Dans l'actu

Un fonds norvégien se retire de deux multinationales opérant en Cisjordanie

En cause, « l’exploitation de ressources naturelles en territoire occupé » par des partenaires israéliens

La société norvégienne d’assurance, KLP, a retiré son capital de multinationales spécialisées dans l’exportation de matériaux de construction, Simex et Helberg Siment, en raison de leur participation à des projets israéliens dans les implantations de Cisjordanie, a indiqué vendredi le quotidien Haaretz.

« KLP exclut Simex et Helberg Siment parce qu’elles exploitent des ressources naturelles dans les territoires occupés de Cisjordanie« , a annoncé KLP jeudi, voyant en cette activité « un risque inacceptable de violer des normes éthiques fondamentales« .

KLP est la première société d’assurance-vie en Norvège et gère 470 milliards de couronnes (54 milliards d’euros) d’actifs au profit de fonctionnaires et employés du secteur public

Cette démarche est « relativement inhabituelle« , explique Haaretz, puisqu’elle constitue un boycott « tertiaire »: le boycott n’est pas dirigé « contre l’acquisition d’un produit fabriqué en Cisjordanie ou contre l’entreprise israélienne qui le fabrique, mais contre une multinationale qui entretient des relations financières avec une compagnie israélienne opérant en Cisjordanie« .

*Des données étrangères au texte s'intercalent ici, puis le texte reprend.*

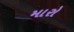
મારો
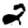
Digit: 2
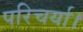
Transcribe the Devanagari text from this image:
परिचर्या।
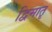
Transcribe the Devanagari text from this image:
द्विमातृ
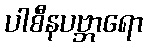
ပါစီနပဗ္ဘာရော
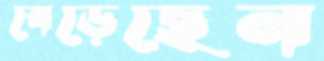
বেড়েছেন
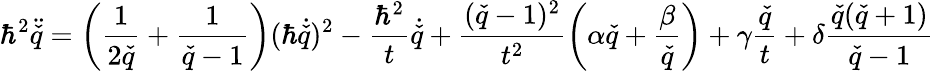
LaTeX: \hbar^{2}\ddot{\check{q}}=\left(\frac{1}{2\check{q}}+\frac{1}{\check{q}-1}\right)(\hbar\dot{\check{q}})^{2}-\frac{\hbar^{2}}{t}\dot{\check{q}}+\frac{(\check{q}-1)^{2}}{t^{2}}\left(\alpha\check{q}+\frac{\beta}{\check{q}}\right)+\gamma\frac{\check{q}}{t}+\delta\frac{\check{q}(\check{q}+1)}{\check{q}-1}
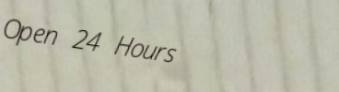
Open 24 Hours
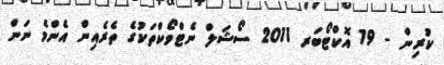
ކުރިން - 19 އޮކްޓޯބަރ 2011 ސޯޝަލް ނެޓްވޯކްތަކުގެ ތެރެއިން އެންމެ ނަން
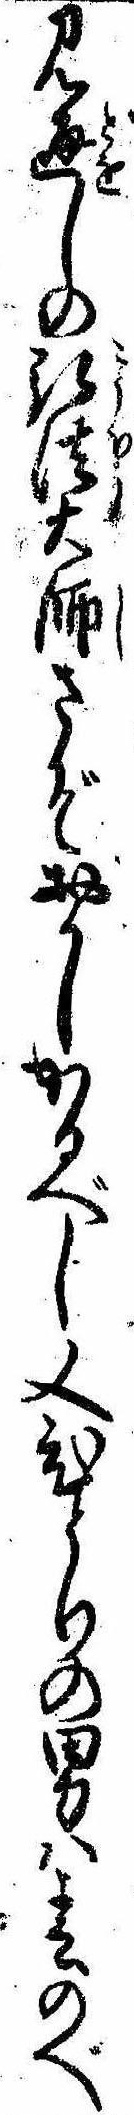
見通しの弘法大師さぞおかしかるべし又ひとりの男は春のべ
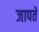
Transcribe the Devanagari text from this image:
जापते
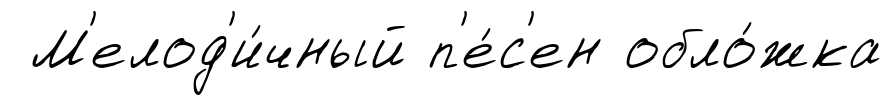
М'елод'и́чный п'е́с'ен обло́жка
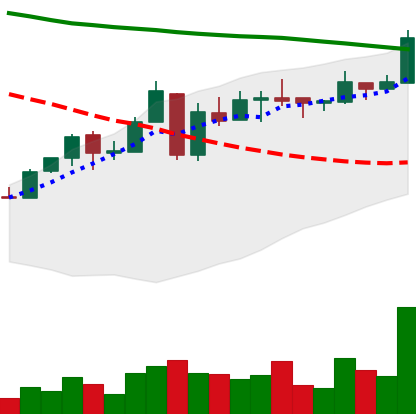
Ticker: ETC-USD
Chart end date: 2018-05-06
Forward return: -30.062%
Label: down_7plus
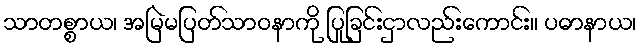
သာတစ္စာယ၊ အမြဲမပြတ်သာဝနာကို ပြုခြင်းငှာလည်းကောင်း။ ပဓာနာယ၊
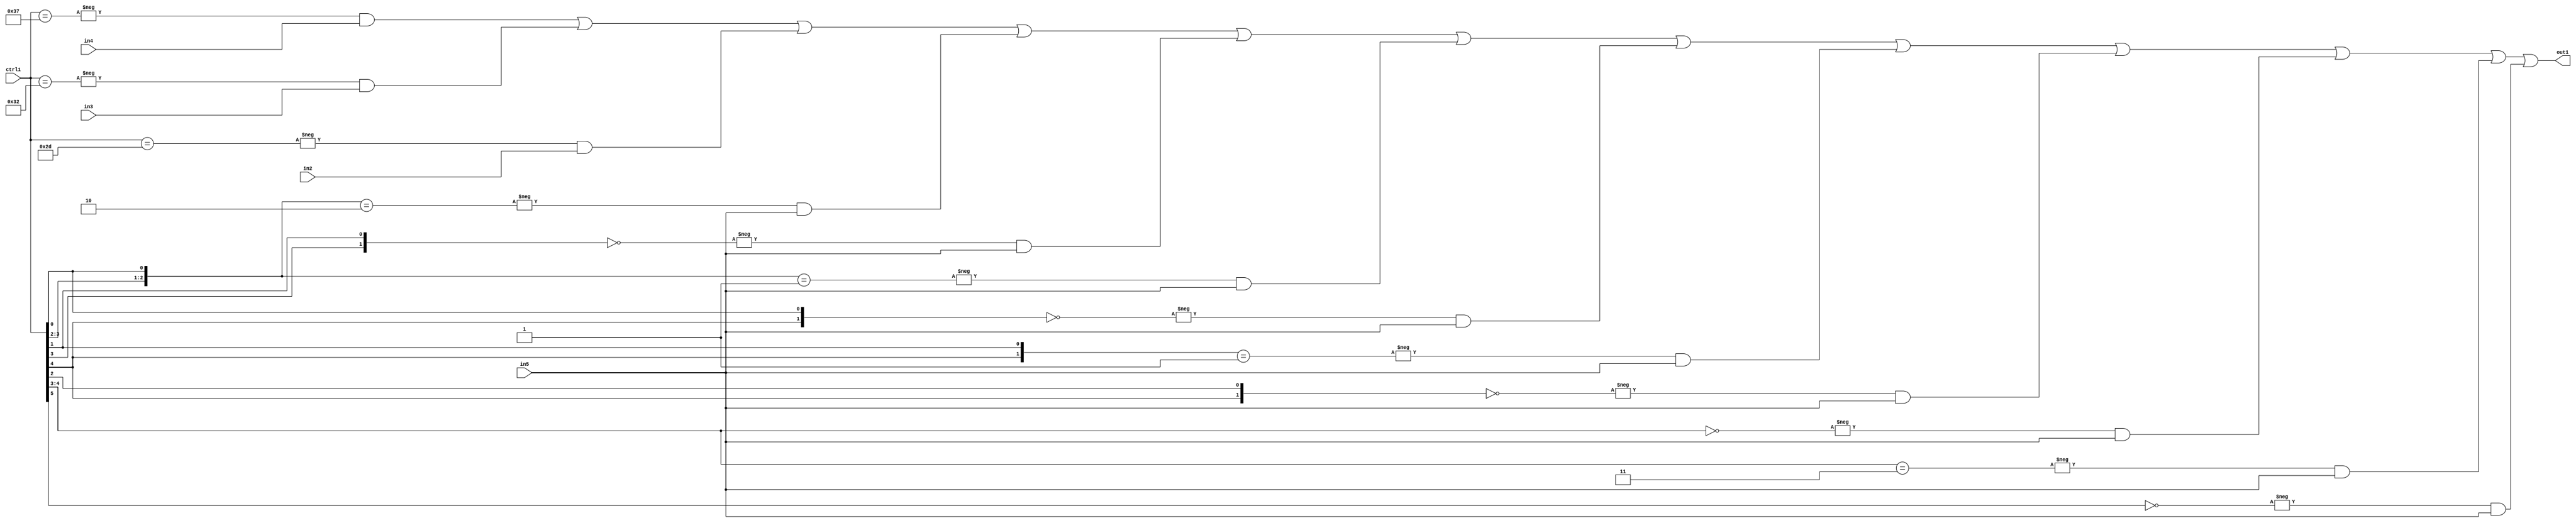
`timescale 1ps / 1ps
/*****************************************************************************
    Verilog RTL Description
    
    
    Created by: Stratus DpOpt 21.05.01 
*******************************************************************************/

module SobelFilter_N_Mux_32_4_46_1 (
	in5,
	in4,
	in3,
	in2,
	ctrl1,
	out1
	); /* architecture "behavioural" */ 
input [31:0] in5;
input [8:0] in4,
	in3,
	in2;
input [5:0] ctrl1;
output [31:0] out1;
wire [31:0] asc001;

assign asc001 = 
	-{ctrl1 == 6'B110111} & in4 |
	-{ctrl1 == 6'B110010} & in3 |
	-{ctrl1 == 6'B101101} & in2 |
	-{{ctrl1[3:2], ctrl1[0]} == 3'B010} & in5 |
	-{{ctrl1[3], ctrl1[1]} == 2'B00} & in5 |
	-{{ctrl1[3:2], ctrl1[0]} == 3'B001} & in5 |
	-{{ctrl1[4], ctrl1[0]} == 2'B00} & in5 |
	-{{ctrl1[4], ctrl1[1]} == 2'B01} & in5 |
	-{{ctrl1[4], ctrl1[2]} == 2'B00} & in5 |
	-{ctrl1[4:3] == 2'B00} & in5 |
	-{ctrl1[4:3] == 2'B11} & in5 |
	-{ctrl1[5] == 1'B0} & in5 ;

assign out1 = asc001;
endmodule

/* CADENCE  vbj4TQk= : u9/ySxbfrwZIxEzHVQQV8Q== ** DO NOT EDIT THIS LINE ******/
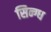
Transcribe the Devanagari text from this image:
सिन्ग्ध
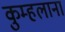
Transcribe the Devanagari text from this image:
कुम्हलाना
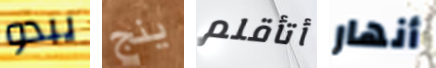
يبدو ينج أتأقلم أنهار
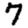
Digit: 7
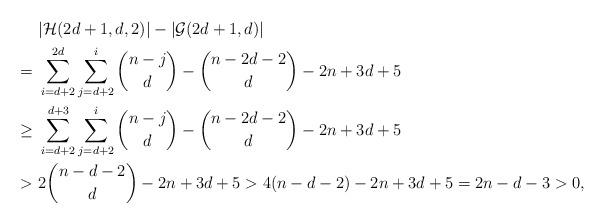
LaTeX: \begin{align*}&\ |\mathcal H(2d+1,d,2)|-|\mathcal G(2d+1,d)| \\= &\ \sum_{i=d+2}^{2d}\sum_{j=d+2}^{i}\binom{n-j}{d}-\binom{n-2d-2}{d}-2n+3d+5 \\\geq &\ \sum_{i=d+2}^{d+3}\sum_{j=d+2}^{i}\binom{n-j}{d}-\binom{n-2d-2}{d}-2n+3d+5 \\> &\ 2\binom{n-d-2}{d}-2n+3d+5 > 4(n-d-2)-2n+3d+5=2n-d-3>0,\end{align*}
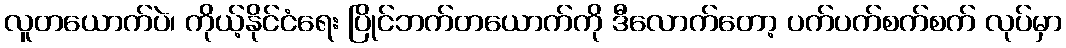
လူတယောက်ပဲ၊ ကိုယ့်နိုင်ငံရေး ပြိုင်ဘက်တယောက်ကို ဒီလောက်တော့ ပက်ပက်စက်စက် လုပ်မှာ
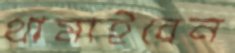
থামাইবেন
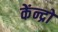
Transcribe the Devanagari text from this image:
केंन्द्रो
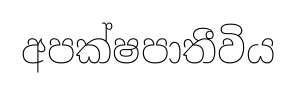
අපක්ෂපාතීවිය
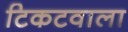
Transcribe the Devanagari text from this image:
टिकटवाला
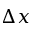
\Delta x
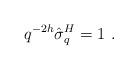
LaTeX: \begin{align*}q^{-2h}\hat{\sigma}_{q}^{H}=1\,\,. \end{align*}
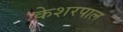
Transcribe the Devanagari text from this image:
केशरपाल
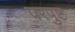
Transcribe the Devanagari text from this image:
परपुष्ट
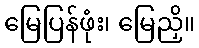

Le groupe cimentier allemand Heidelberg, implanté dans plus de quarante pays, a racheté la firme britannique Hanson, elle-même propriétaire de l’entreprise Hanson Quarry Products Israel. Semex, qui exporte des matériaux de constructions vers plus de cinquante pays, détrient Yeadymix Industries Israel. Les deux firmes israéliennes ont des activités en zone C de Cisjordanie, sous contrôle militaire et civil israélienne, comme le prévoient les accords d’Oslo.

Simex a réagi en affirmant que la plupart de ses employés en Cisjordanie sont Palestiniens et qu’ils travaillaient dans les mêmes conditions que leurs collègues israéliens. Le groupe a également rappelé que ses activités étaient légales selon les termes des Accords d’Oslo – qui permettent à Israël d’exercer un contrôle total sur la zone C en Cisjordanie.

KLP
a rejeté ces arguments, indiquant que « l’éthique était l’élément déterminant dans ce cas ».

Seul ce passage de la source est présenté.